The car you came in on

Ex-Multimedia Editor John has almost been too busy playing with his new toy to grace us with a Shallow Thought Wednesday. Almost. But not quite: ...

I think that it would be great fun to take Sarah Palin to Daniel's for a bacon cheeseburger.

But that's a shallow thought for another day. I'm still trying to find a decent barbecue place for You Know Whose You Know What. Of course, if Daniel's served barbecued moose, I could net two birds with one …. Nah.

(PS. Bucky: Wanna go to heaven without the bother and mess of dying? Next time you're in B'more it's Daniel's on me. And that's no hollow duck fries promise.)

But I pre-digress. Enough SEO badinage. On to the meat of this week's STW: ...

Especially in today's softish global economy, I find myself increasingly torn between giving it my all, and giving in altogether. So I struck a compromise and bought a 1990 BMW 325i ragtop (fyi: mine's calypsorot … at the moment).

Oh yes, yes, it needs H&R sport springs and Bilstein shocks (this weekend), some new rims (in negotiations), and brother (and sister!) does that Ireland stainless catback exhaust look pretty peeking up under Baby's classic backside (pictures to follow in the fullness of time). But!

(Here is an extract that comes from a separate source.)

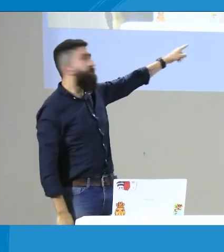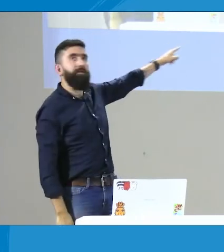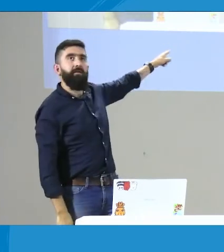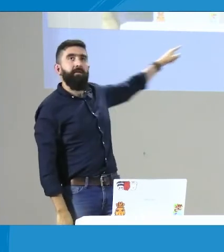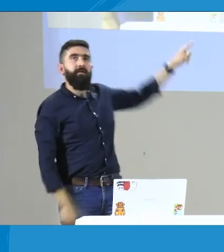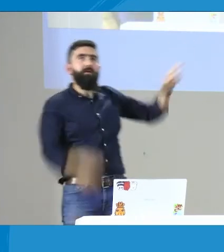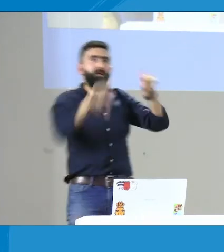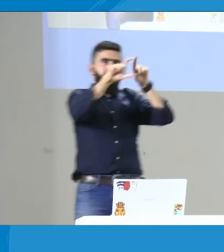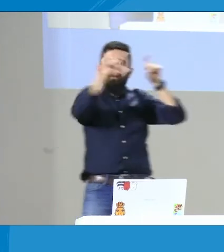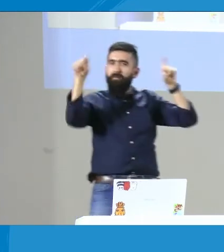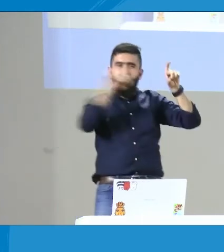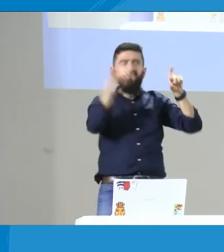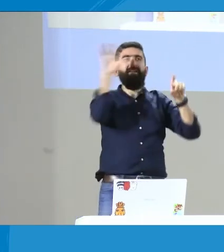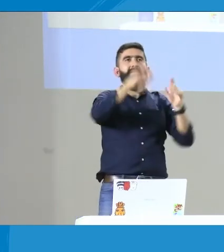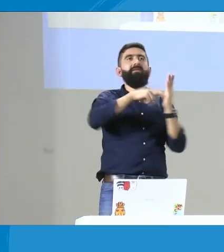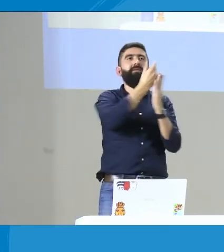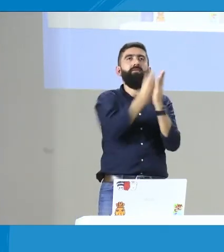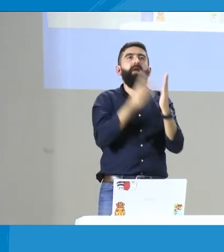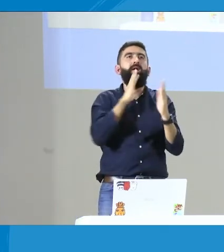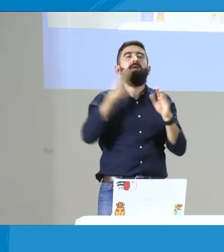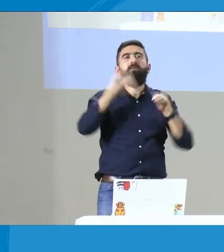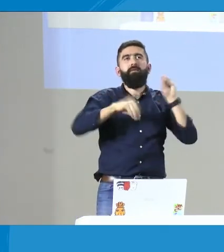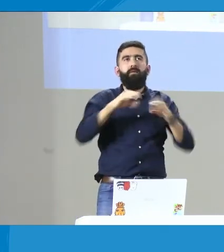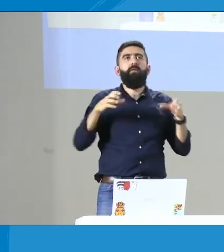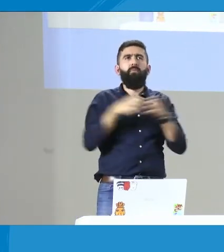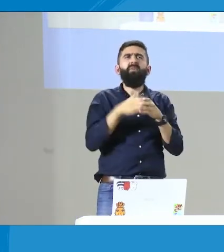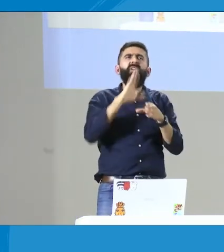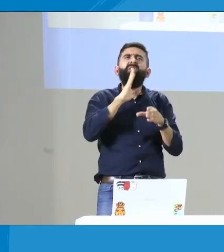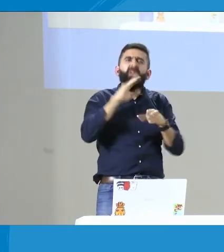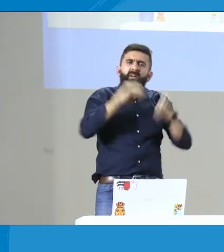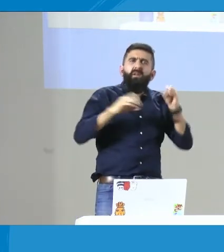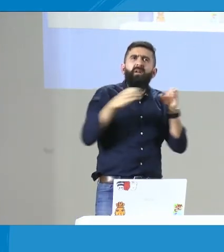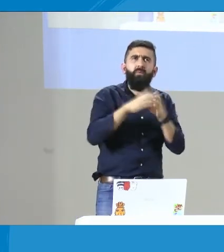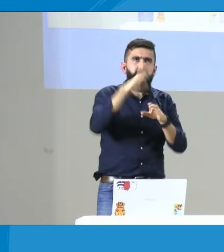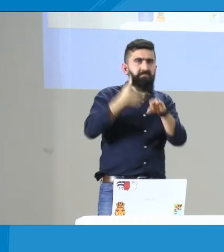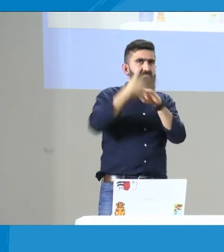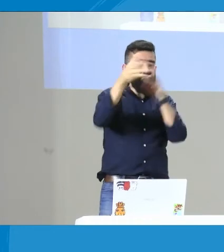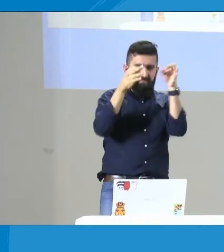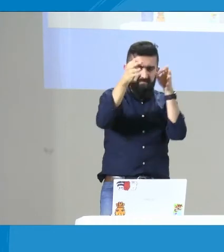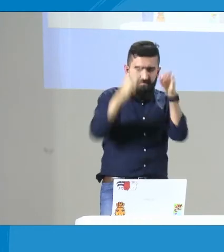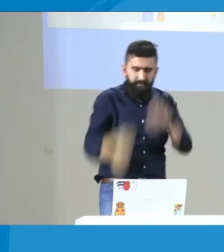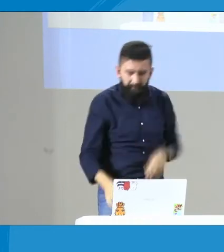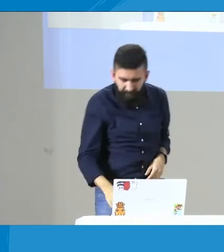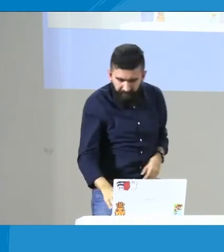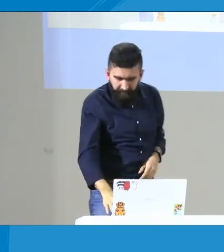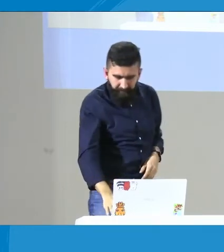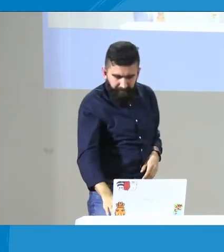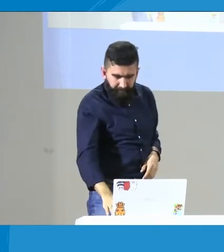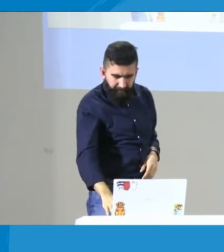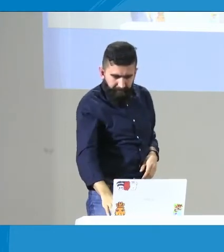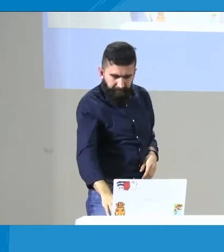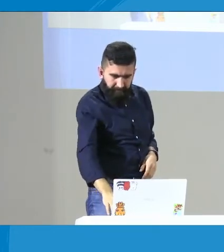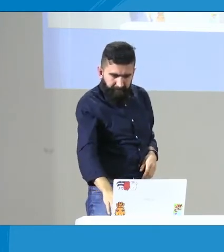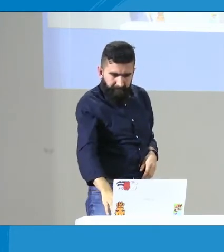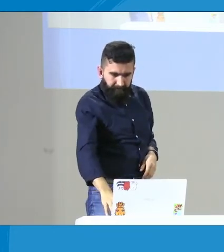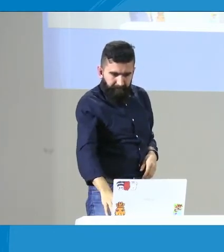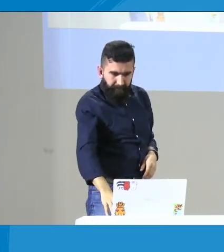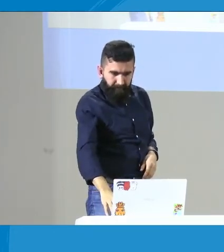Cuando ustedes presenten la encuesta más adelante, cuando hablemos de ese estudio, entonces vamos a hablar de la caracterización

Here's the dilemma, Emma: Do I drive this thing to an upscale joint and take my chances, or do I slide it in amongst the Evos and Twin Cams at Daniel's and go for the sure thing?

I mean, just how important to your dining experience is the vehicle you arrive in? Pick your favorite restaurant: What do you want to be seen in when you pull up to the valet station or parking space?

And if you can find a shallower thought than that, my money's on you in an arm-wrestling match with this celebrity DUI.

Posted by Elizabeth Large at 11:01 AM | | Comments (19)
        

Comments

EL, I guess every restaurant in town will be looking for a calypso red beemer convertible.

I don't care how old it is - if you show up at Daniel's in a BMW, they're going to beat the crap out of you. Or so I assume.

jl,
If you're looking for something to do this weekend, there's always

Thunder Beach

Damn...once again Big John has led with what I assume to be a You Tube video that is being blocked by the content filters here where I work.

(Which department is the bigger pain-in-the-butt at your place of employment: HR or IT?)

Can someone tell me what's in that big blank space? I won't get home to see it until very late tonight. I can't wait.

John: You didn't get rid of your bike did you? (That's how my life's decline started...I sold the bike and bought a convertible. Later I got rid of the convertible and bought an SUV. Now I've gotten rid of the SUV and I'm driving a 40-mpg Corolla. The "Sport" model Corolla, as if that makes it any less depressing. The end is near, I'm afraid.)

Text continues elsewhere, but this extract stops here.